A sample ACL table extracted from a PeerGroupAdvertisement:

 ...
 <Svc>
   <MCID>urn:jxta:uuid-DEADBEEFDEAFBABAFEEDBABE0000001005</MCID>
   <Parm>
     <perm>&lt;&lt;DEFAULT>>:nobody,permit</perm>
     <perm>everyone:&lt;&lt;ALL>></perm>
     <perm>permit:nobody,permit,allow</perm>
     <perm>deny:notpermit,notallow</perm>
   </Parm>
 </Svc>
 ...
 

If <<ALL>> is provided as an identity then the operation is permitted for all valid credentials.

if <<DEFAULT>> is provided as an operation then the provided identities will be allowed for all operations which are not recognized.

This implementation makes no effort to ensure that the permission table has not been altered.

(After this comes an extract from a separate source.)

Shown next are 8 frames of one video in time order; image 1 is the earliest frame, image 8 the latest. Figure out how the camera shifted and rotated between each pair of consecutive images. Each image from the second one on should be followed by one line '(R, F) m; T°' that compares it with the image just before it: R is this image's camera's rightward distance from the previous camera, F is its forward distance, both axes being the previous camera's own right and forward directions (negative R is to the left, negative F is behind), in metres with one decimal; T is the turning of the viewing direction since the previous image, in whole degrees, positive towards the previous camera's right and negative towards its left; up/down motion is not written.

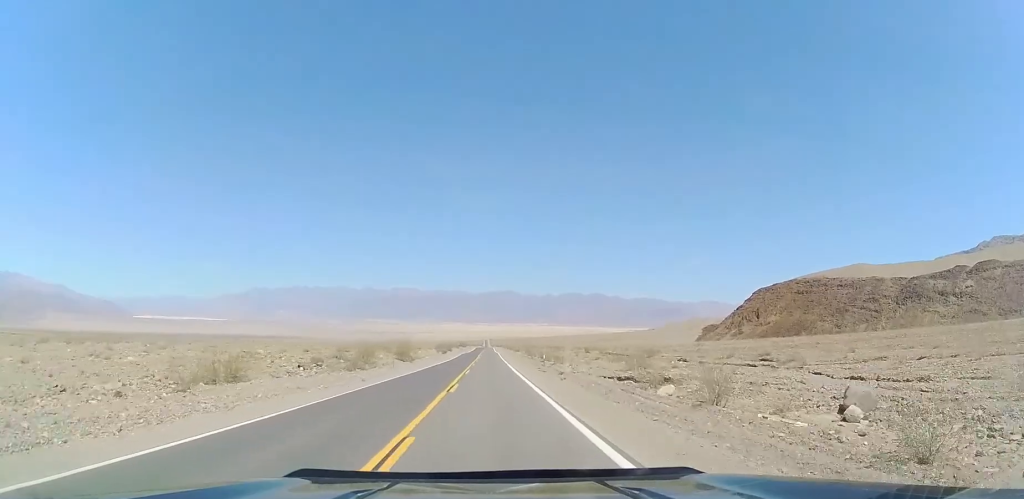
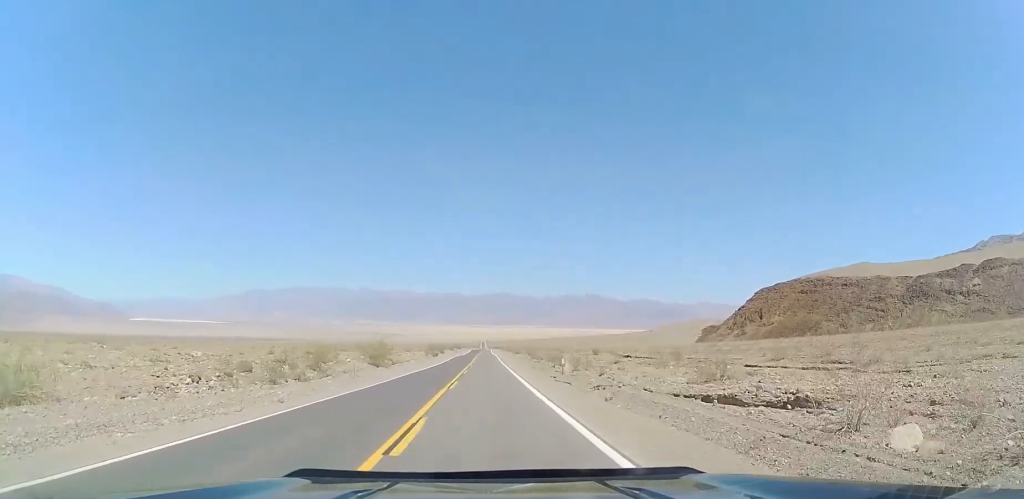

It is not appropriate for use in security sensitive deployments unless the integrity of the group advertisement is ensured.

See Also:
AccessService

Nested Class Summary
 
Nested classes/interfaces inherited from interface net.jxta.access.AccessService
AccessService.AccessResult
 
Field Summary
(package private)  PeerGroup group
          The peer group we are working for.
(package private)  ModuleImplAdvertisement implAdvertisement
          Implementation advertisement for this instance.
static ModuleSpecID simpleACLAccessSpecID
          Well known access specification identifier: the simple ACL access service
 
Fields inherited from interface net.jxta.platform.Module
START_AGAIN_PROGRESS, START_AGAIN_STALLED, START_DISABLED, START_OK
 
Constructor Summary
SimpleACLAccessService()
          The default constructor
 
Method Summary
 AccessService.AccessResult doAccessCheck(PrivilegedOperation op, Credential cred)
          Determine if a privileged operation is permitted for a given identity.
 ModuleImplAdvertisement getImplAdvertisement()
          Returns the advertisement for this service.
 SimpleACLAccessService getInterface()
          Service objects are not manipulated directly to protect usage of the service.
(package private)  PeerGroup getPeerGroup()
          
 void init(PeerGroup group, ID assignedID, Advertisement implAdv)
          Initialize the module, passing it its peer group and advertisement.
 PrivilegedOperation newPrivilegedOperation(Element source)
          Read a privileged operation from a portion of a structured document.
 PrivilegedOperation newPrivilegedOperation(Object subject, Credential offerer)
          Create a new privileged operation with the specified subject.
 int startApp(String[] args)
          Complete any remaining initialization of the module.
 void stopApp()
          Stop a module.
 
Methods inherited from class java.lang.Object
clone, equals, finalize, getClass, hashCode, notify, notifyAll, toString, wait, wait, wait
 

Field Detail

simpleACLAccessSpecID

public static final ModuleSpecID simpleACLAccessSpecID
Well known access specification identifier: the simple ACL access service


group

PeerGroup group
The peer group we are working for.


implAdvertisement

ModuleImplAdvertisement implAdvertisement
Implementation advertisement for this instance.

Constructor Detail

SimpleACLAccessService

public SimpleACLAccessService()
The default constructor

Method Detail

init

public void init(PeerGroup group,
                 ID assignedID,
                 Advertisement implAdv)
          throws PeerGroupException
Initialize the module, passing it its peer group and advertisement.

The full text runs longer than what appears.